## Raw data
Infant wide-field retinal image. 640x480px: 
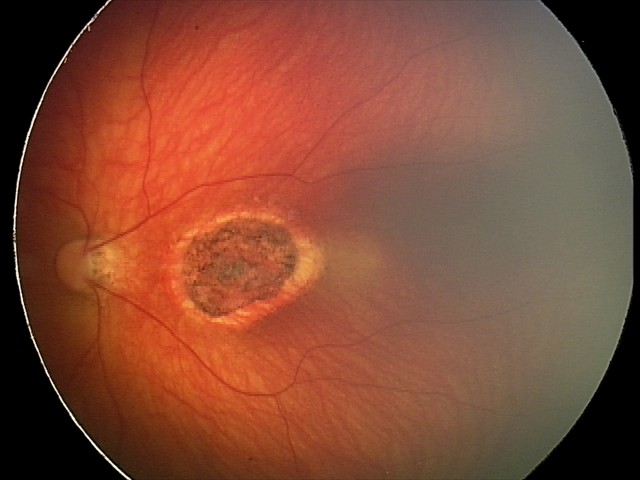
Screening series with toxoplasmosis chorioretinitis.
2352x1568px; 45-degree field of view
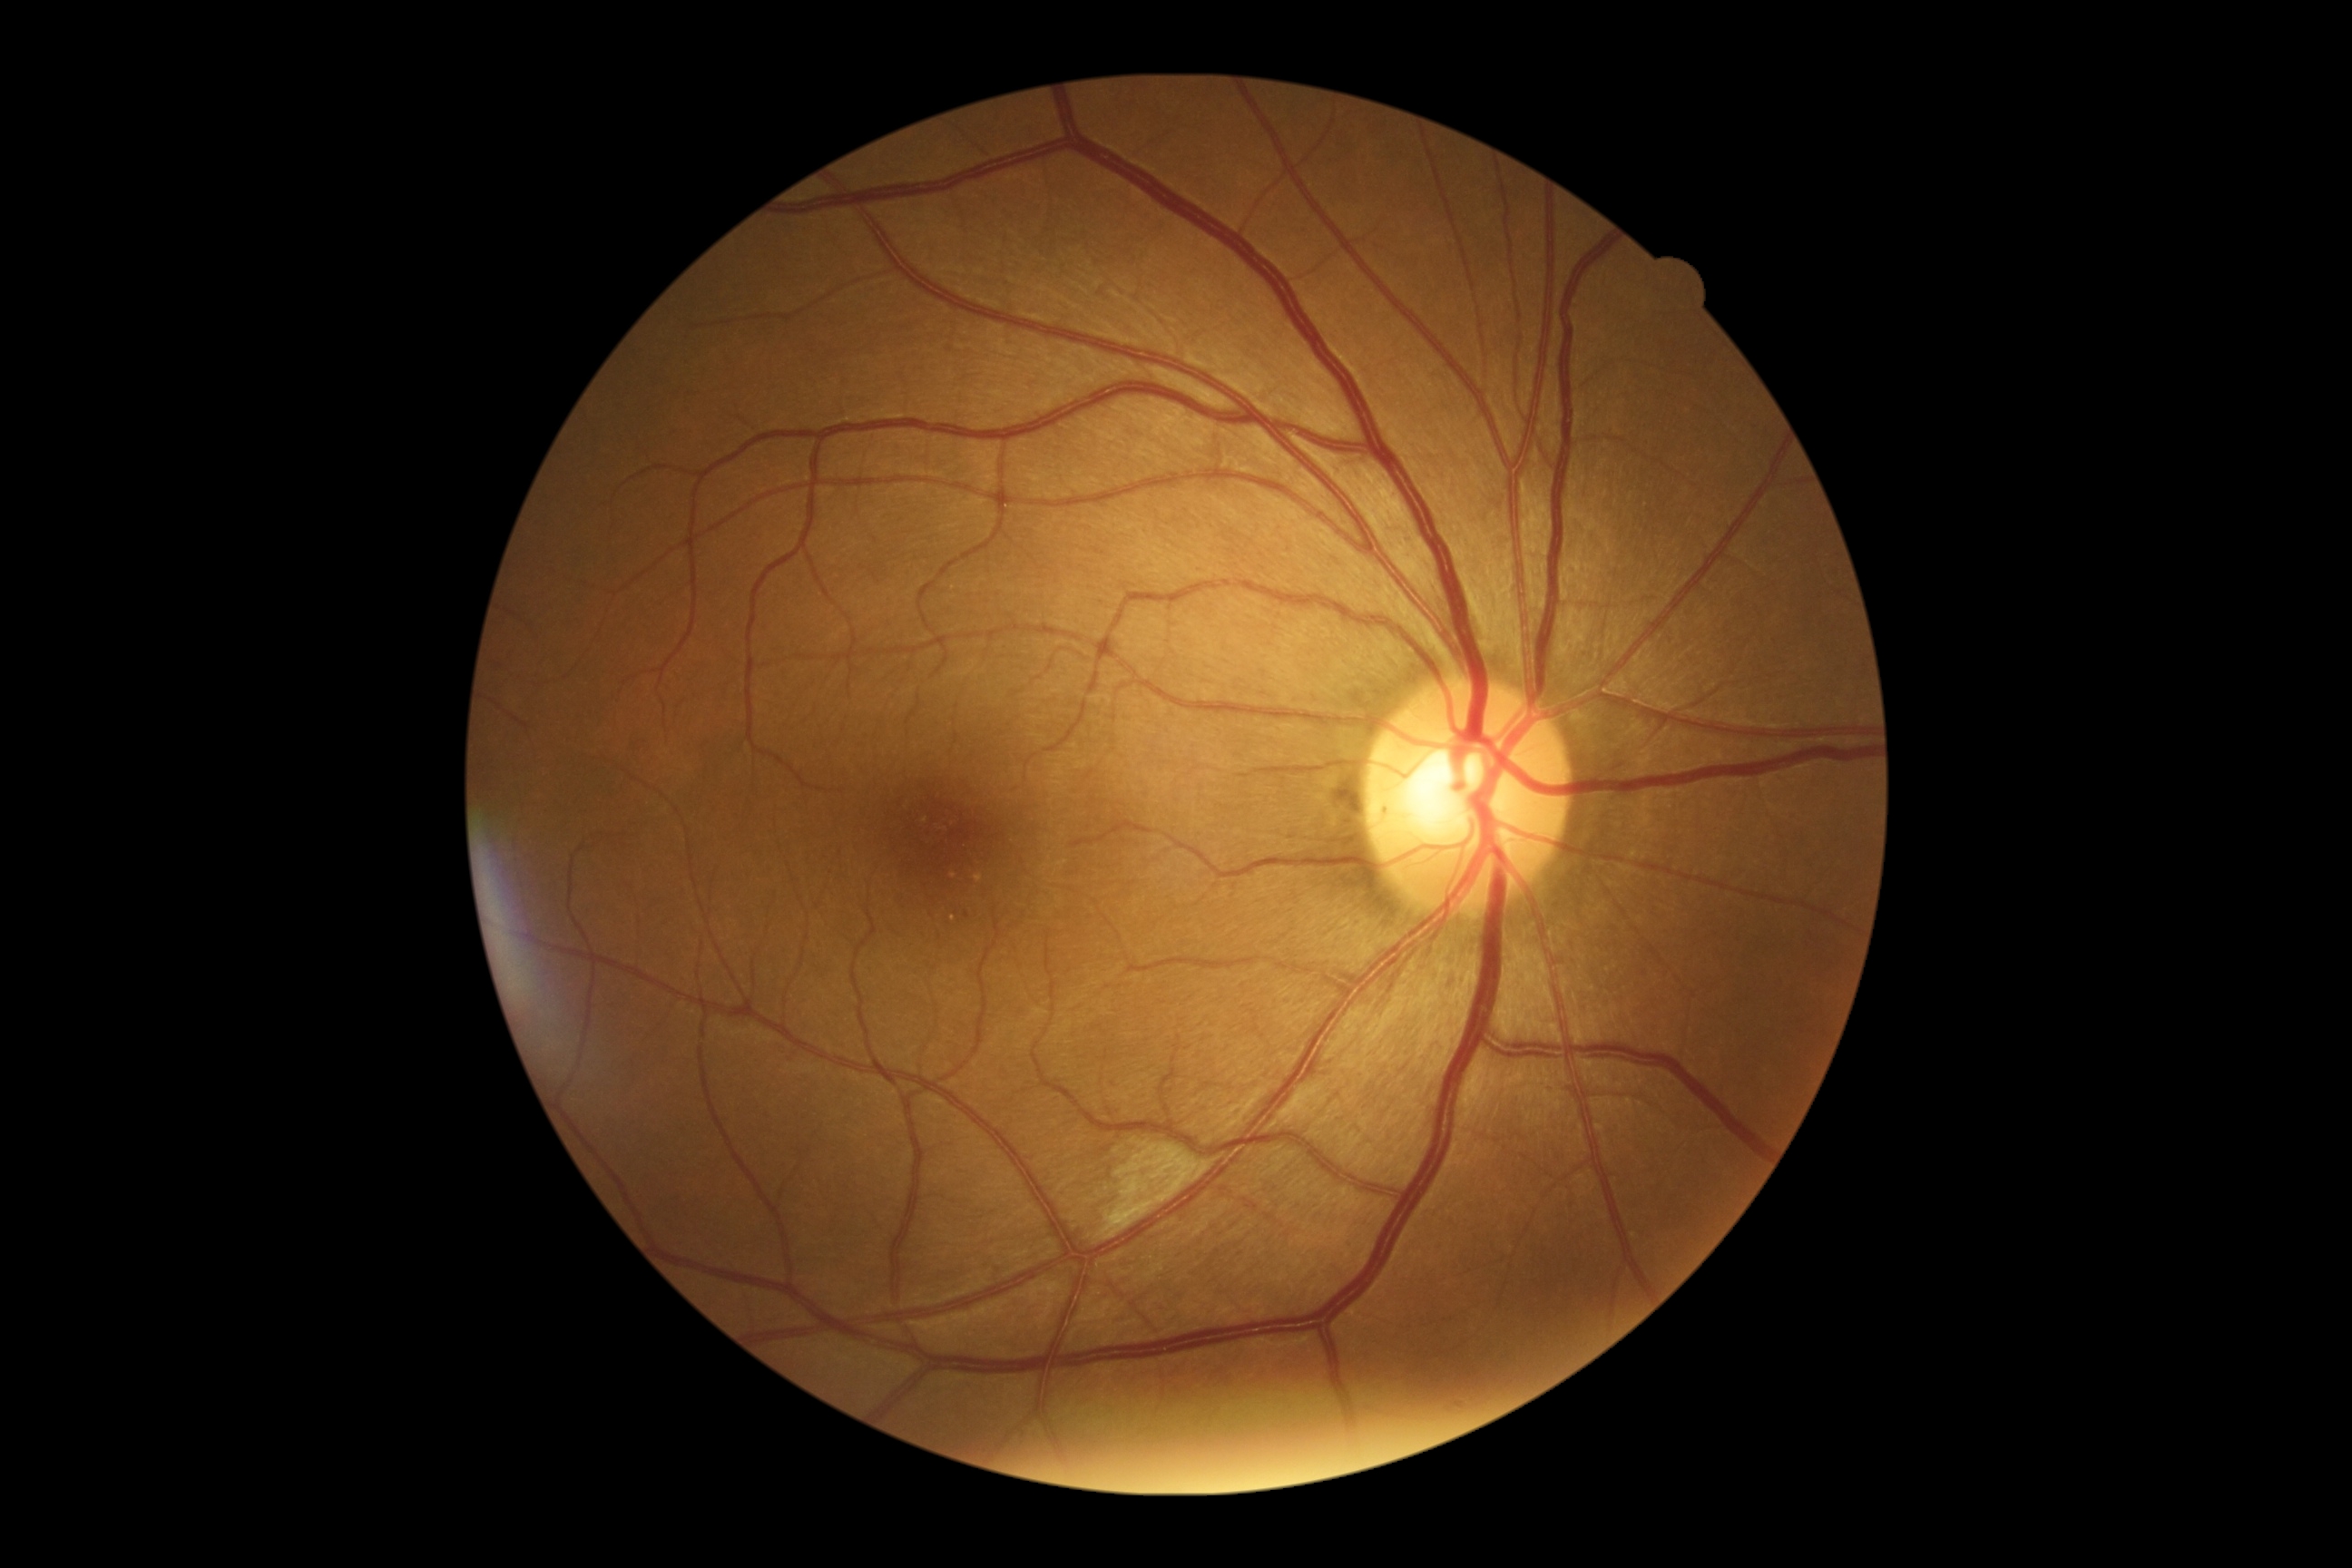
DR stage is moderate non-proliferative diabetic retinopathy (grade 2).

## Exercise
Everything in the listing above is to be given again exactly, apart from the pictures.

## Task answer
Infant wide-field retinal image. 640x480px: 
Screening series with toxoplasmosis chorioretinitis.
2352x1568px; 45-degree field of view
DR stage is moderate non-proliferative diabetic retinopathy (grade 2).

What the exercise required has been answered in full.